### Exercise brief
Copy every line in the listing that contains "グループ".

### Data excerpts
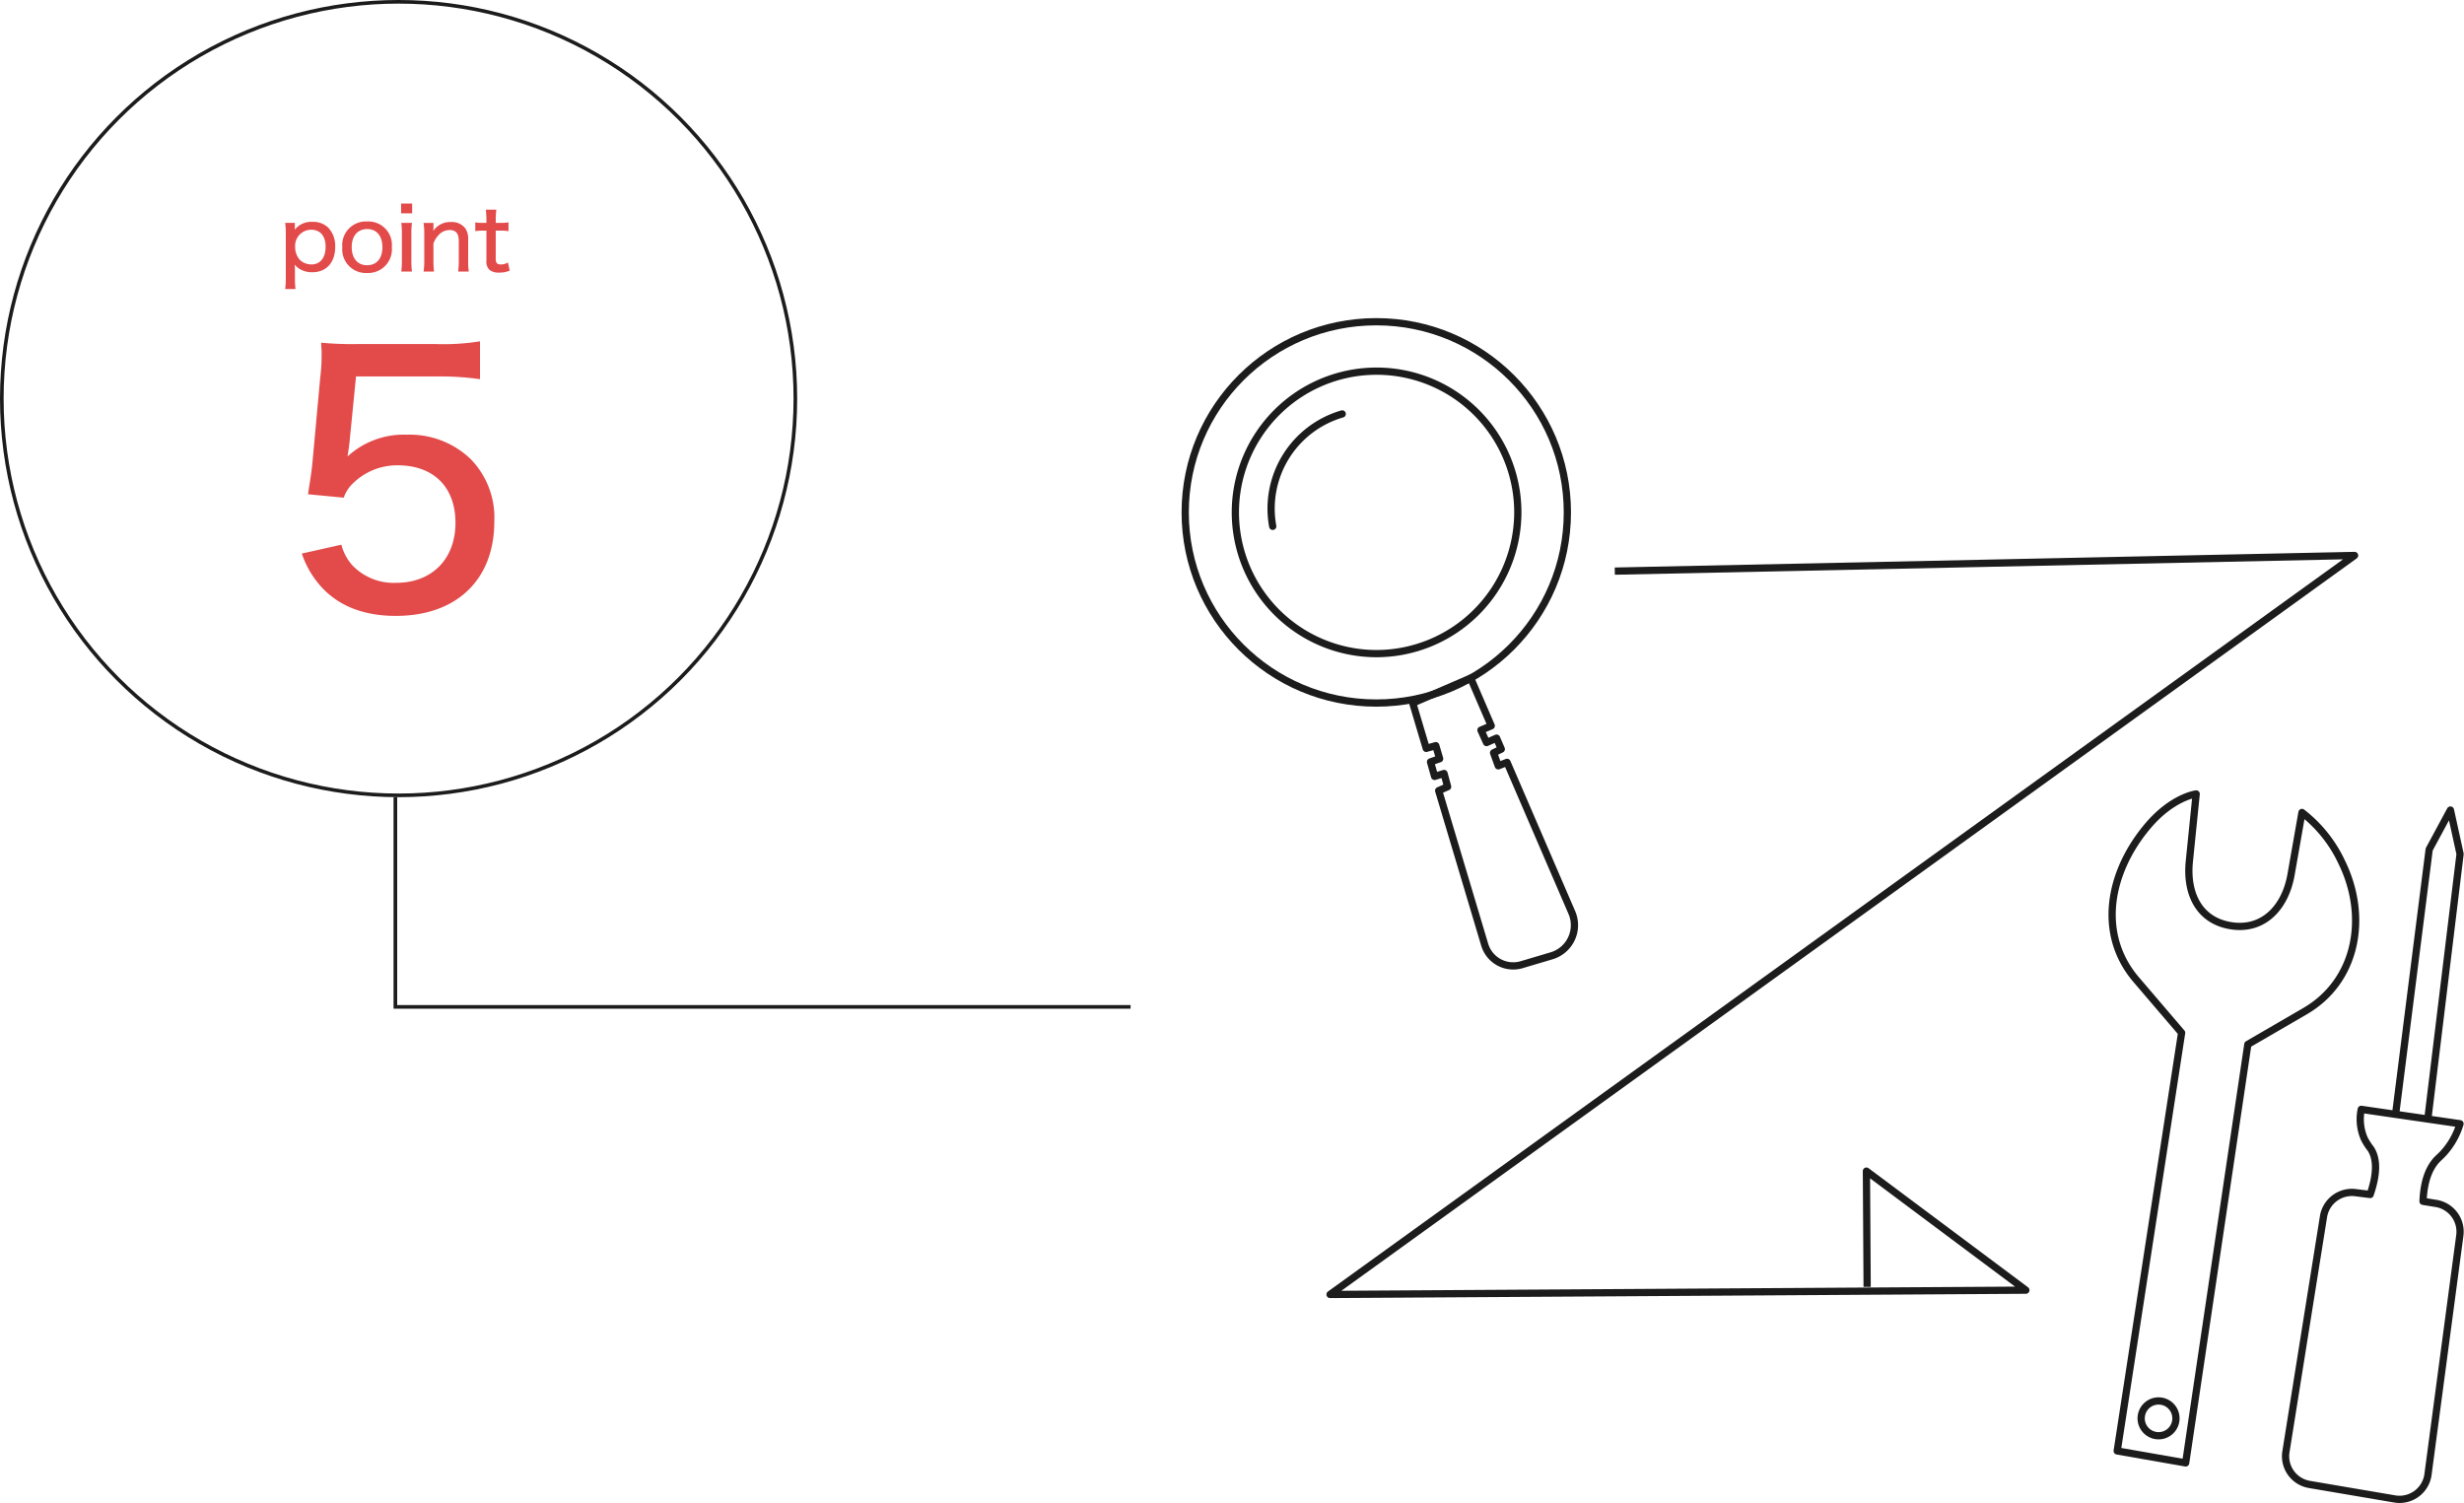 <svg xmlns="http://www.w3.org/2000/svg" xmlns:xlink="http://www.w3.org/1999/xlink" width="340" height="207.44" viewBox="0 0 340 207.44">
  <defs>
    <clipPath id="clip-path">
      <rect id="長方形_154" data-name="長方形 154" width="177" height="163.586" fill="none" stroke="#1c1c1c" stroke-width="1"/>
    </clipPath>
  </defs>
  <g id="グループ_298" data-name="グループ 298" transform="translate(-397 -2702)">
    <g id="グループ_186" data-name="グループ 186" transform="translate(115 -163)">
      <g id="グループ_155" data-name="グループ 155" transform="translate(-341 1396)">
        <path id="パス_152" data-name="パス 152" d="M-5.875-32.054h11a39.79,39.79,0,0,1,6.11.376V-36.9a32.016,32.016,0,0,1-6.11.376H-5.687a43.916,43.916,0,0,1-4.982-.188,6.33,6.33,0,0,0,.047,1.034v.846a24.182,24.182,0,0,1-.188,2.914l-1.034,11.28c-.141,1.6-.235,2.115-.658,4.841l4.935.47a4.881,4.881,0,0,1,1.316-2.021,8.717,8.717,0,0,1,6.11-2.444c4.982,0,7.99,3.008,7.99,7.943,0,4.982-3.243,8.272-8.178,8.272A7.86,7.86,0,0,1-6.486-6.11,7.012,7.012,0,0,1-7.9-8.836l-5.452,1.222a12.972,12.972,0,0,0,2.961,4.888C-7.943-.235-4.606.987-.376.987,7.99.987,13.207-4,13.207-12.032a11.553,11.553,0,0,0-3.243-8.6,12.129,12.129,0,0,0-8.789-3.384A11.478,11.478,0,0,0-7.05-21.009c.141-.846.235-1.551.282-2.021Z" transform="translate(678 1553)" fill="#e34a4a"/>
        <path id="パス_151" data-name="パス 151" d="M-13.728,2.472a10.912,10.912,0,0,1-.084-1.5V-.06a6.374,6.374,0,0,0-.036-.84,3.044,3.044,0,0,0,.612.552,3.306,3.306,0,0,0,1.812.5c1.944,0,3.168-1.344,3.168-3.48A3.667,3.667,0,0,0-9.2-5.988,2.952,2.952,0,0,0-11.4-6.8a2.858,2.858,0,0,0-2.448,1.1,3.166,3.166,0,0,0,.024-.432V-6.66h-1.332a10.982,10.982,0,0,1,.084,1.512V.984a11.7,11.7,0,0,1-.084,1.488Zm2.184-3.4a2.28,2.28,0,0,1-1.6-.636,2.632,2.632,0,0,1-.636-1.764,2.22,2.22,0,0,1,2.208-2.388c1.248,0,1.992.864,1.992,2.328C-9.576-1.848-10.308-.924-11.544-.924ZM-3.84.252a3.272,3.272,0,0,0,3.4-3.564,3.243,3.243,0,0,0-3.408-3.54A3.256,3.256,0,0,0-7.272-3.3,3.259,3.259,0,0,0-3.84.252Zm0-6.06c1.308,0,2.1.948,2.1,2.52,0,1.536-.8,2.472-2.112,2.472s-2.124-.948-2.124-2.508C-5.976-4.86-5.16-5.808-3.84-5.808ZM.84-9.324V-7.98H2.364V-9.324ZM.864-6.66A10.431,10.431,0,0,1,.948-5.184v3.768A12.036,12.036,0,0,1,.864.06H2.34a11.08,11.08,0,0,1-.084-1.488V-5.172A9.849,9.849,0,0,1,2.34-6.66ZM5.388.06A11.51,11.51,0,0,1,5.3-1.416V-3.8a2.946,2.946,0,0,1,.672-1.128,2.012,2.012,0,0,1,1.548-.744C8.4-5.676,8.8-5.2,8.8-4.14v2.724A11.383,11.383,0,0,1,8.712.06h1.464a9.884,9.884,0,0,1-.084-1.476V-4.332a2.582,2.582,0,0,0-.384-1.56,2.315,2.315,0,0,0-1.98-.888A2.821,2.821,0,0,0,5.28-5.556c.012-.252.024-.42.024-.5v-.6H3.936a9.046,9.046,0,0,1,.1,1.476v3.768A9.046,9.046,0,0,1,3.936.06Zm7.14-8.544a12.846,12.846,0,0,1,.084,1.416v.408h-.456a5.512,5.512,0,0,1-1.08-.072V-5.52a7.6,7.6,0,0,1,1.068-.072h.468v4.128a1.564,1.564,0,0,0,.42,1.284A1.975,1.975,0,0,0,14.376.2a3.517,3.517,0,0,0,1.452-.276L15.576-1.2a1.738,1.738,0,0,1-.936.276c-.564,0-.744-.192-.744-.792V-5.592h.564a6.908,6.908,0,0,1,1.2.072V-6.732a7.207,7.207,0,0,1-1.224.072H13.9v-.408a9.985,9.985,0,0,1,.084-1.416Z" transform="translate(677.508 1506.416)" fill="#e34a4a"/>
        <g id="楕円形_39" data-name="楕円形 39" transform="translate(623 1469)" fill="none" stroke="#1c1c1c" stroke-width="0.5">
          <circle cx="55" cy="55" r="55" stroke="none"/>
          <circle cx="55" cy="55" r="54.75" fill="none"/>
        </g>
      </g>
      <path id="パス_65" data-name="パス 65" d="M4193.006,1691.938H4091.556V1663" transform="translate(-3755 1312.002)" fill="none" stroke="#1c1c1c" stroke-width="0.5"/>
    </g>
    <g id="グループ_161" data-name="グループ 161" transform="translate(560 2745.854)">
      <g id="グループ_160" data-name="グループ 160" clip-path="url(#clip-path)">
        <ellipse id="楕円形_40" data-name="楕円形 40" cx="26.367" cy="26.309" rx="26.367" ry="26.309" transform="translate(0.542 0.541)" fill="none" stroke="#1c1c1c" stroke-linejoin="round" stroke-width="1"/>
        <path id="パス_91" data-name="パス 91" d="M26.333,45.779A19.488,19.488,0,1,1,45.864,26.29,19.532,19.532,0,0,1,26.333,45.779Z" transform="translate(0.576 0.56)" fill="none" stroke="#1c1c1c" stroke-linejoin="round" stroke-width="1"/>
        <path id="パス_92" data-name="パス 92" d="M29.447,49.378l1.861,6.253,1.318-.371.532,1.8L31.9,57.5l.564,2,1.3-.4.495,1.825-1.235.542,6.349,21.251a4.107,4.107,0,0,0,5.109,2.761L48.6,84.257a4.406,4.406,0,0,0,2.8-5.968L42.458,57.563l-1.209.476L40.6,56.251l1.065-.517-.653-1.513-1.382.61-.773-1.711,1.421-.6-2.839-6.581Z" transform="translate(2.494 3.782)" fill="none" stroke="#1c1c1c" stroke-linejoin="round" stroke-width="1"/>
        <path id="パス_93" data-name="パス 93" d="M11.65,27.766a13.6,13.6,0,0,1,9.588-15.51" transform="translate(0.969 1.009)" fill="none" stroke="#1c1c1c" stroke-linecap="round" stroke-linejoin="round" stroke-width="1"/>
        <path id="パス_94" data-name="パス 94" d="M58.218,32.462,160.3,30.3,18.927,132.277l96.012-.594-22-16.43.1,15.978" transform="translate(1.603 2.494)" fill="none" stroke="#1c1c1c" stroke-linejoin="round" stroke-width="1"/>
        <path id="パス_95" data-name="パス 95" d="M119.118,151.362l8.888-57.7-6.261-7.322c-5.415-6.332-3.758-14.927,1.644-21.27,3.383-3.972,6.626-4.362,6.626-4.362l-.943,9.3c-.443,4.363,1.281,8.1,5.609,8.858,4.562.8,7.624-2.469,8.424-7.02l1.509-8.583a18.588,18.588,0,0,1,5.459,6.807c3.7,7.494,2.185,16.417-5.051,20.618l-7.877,4.573-8.582,57.755Z" transform="translate(10.029 4.998)" fill="none" stroke="#1c1c1c" stroke-linejoin="round" stroke-width="1"/>
        <path id="パス_96" data-name="パス 96" d="M126.874,140.915a2.4,2.4,0,1,0-2.777,1.944A2.394,2.394,0,0,0,126.874,140.915Z" transform="translate(10.342 11.37)" fill="none" stroke="#1c1c1c" stroke-linejoin="round" stroke-width="1"/>
        <path id="パス_97" data-name="パス 97" d="M164.526,118.313,160.133,151.3a3.958,3.958,0,0,1-4.6,3.377l-11.758-2a3.947,3.947,0,0,1-3.243-4.524l5.185-32.448a3.97,3.97,0,0,1,4.436-3.29l2,.251c1.184-3.445.753-5.268.08-6.3a8.9,8.9,0,0,1-.882-1.377,6.727,6.727,0,0,1-.427-4.07l13.629,1.985a10.39,10.39,0,0,1-2.231,4c-.385.425-.619.609-.874.867-.906.918-1.87,2.578-2,5.837l1.665.273A3.954,3.954,0,0,1,164.526,118.313Z" transform="translate(11.898 8.308)" fill="none" stroke="#1c1c1c" stroke-linejoin="round" stroke-width="1"/>
        <path id="パス_98" data-name="パス 98" d="M154.476,104.746l4.636-36.554,2.932-5.434,1.331,6.062-4.449,36.575" transform="translate(13.083 5.166)" fill="none" stroke="#1c1c1c" stroke-linejoin="round" stroke-width="1"/>
      </g>
    </g>
  </g>
</svg>

### Solution to this exercise
  <g id="グループ_298" data-name="グループ 298" transform="translate(-397 -2702)">
    <g id="グループ_186" data-name="グループ 186" transform="translate(115 -163)">
      <g id="グループ_155" data-name="グループ 155" transform="translate(-341 1396)">
    <g id="グループ_161" data-name="グループ 161" transform="translate(560 2745.854)">
      <g id="グループ_160" data-name="グループ 160" clip-path="url(#clip-path)">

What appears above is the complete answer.